Would wealthy classical/jazz audiophiles in 1983 (the initial target demographic that would bankroll the initial R&D costs for several years) have embraced the format? Would the potential DR of 14bit have been sufficient over LPs to captivate them? Would CD have been just a shorter lived transitional format, instead of the 3+ decade juggernaut it became?

Perhaps we would have got a new super CD 24 bit LPCM format much earlier, and the 'old' original 14/44 may just be collectible trinkets by now. We sure wouldn't be messing around with so-called high-res and silly sampling rates. We may conceivably have had a single 24 bit format for everything from mastering down to distribution. Or would recordable CD have killed it all in any case, along with downloading and mp3 back in the day?

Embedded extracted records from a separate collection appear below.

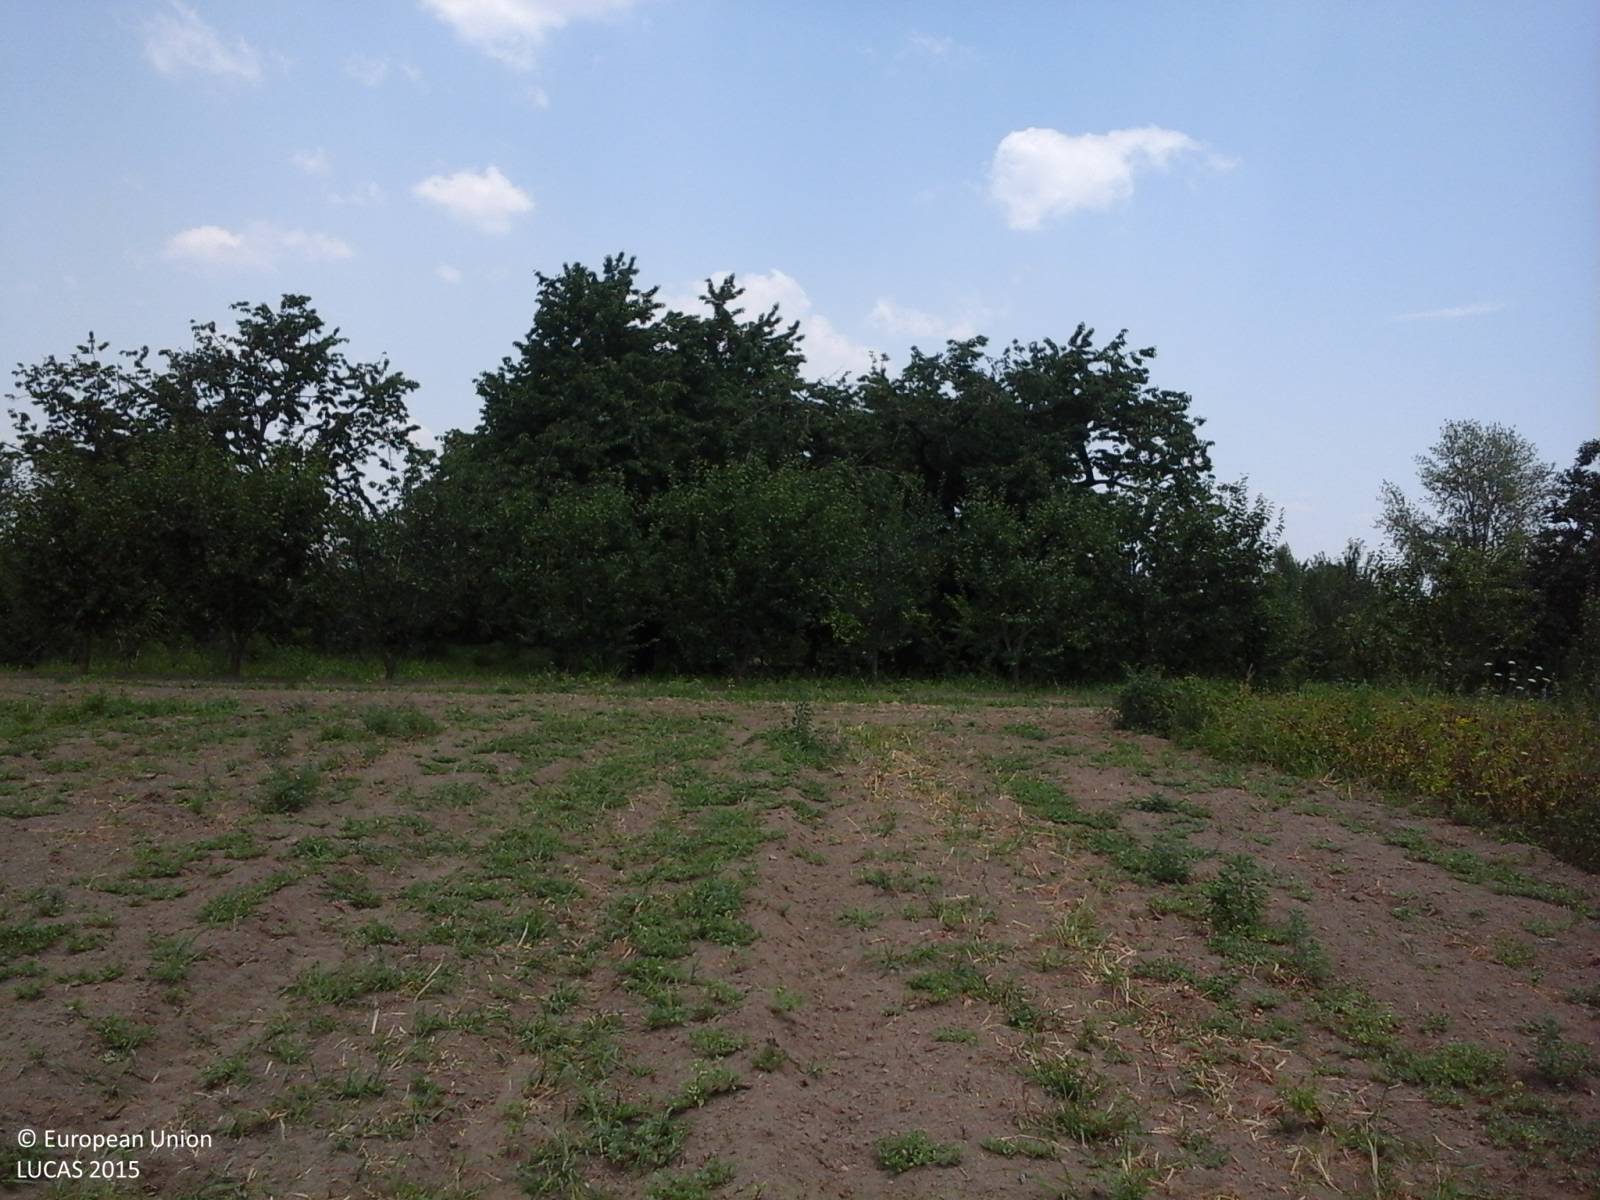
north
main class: Grassland
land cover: Spontaneously vegetated surfaces
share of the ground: < 10 %
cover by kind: herbaceous plants 100 %
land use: Agriculture (excluding fallow land and kitchen gardens)
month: July
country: IT
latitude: 40.9012
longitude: 14.2204

All I know is the dynamic range was the big key selling point for the introduction of CD. Everyone was sick and tired of noise, surface noise and crap intruding into their music and system. The equipment of the day was so far in advance of the primary source format's limitations and audiophile's frustration ruled supreme. CD's dynamic range actually was a breath of fresh air. I remember seeing my Dad (almost) shed a tear or two when listening to some of his first wide dynamic range classical pieces on CD for the first time.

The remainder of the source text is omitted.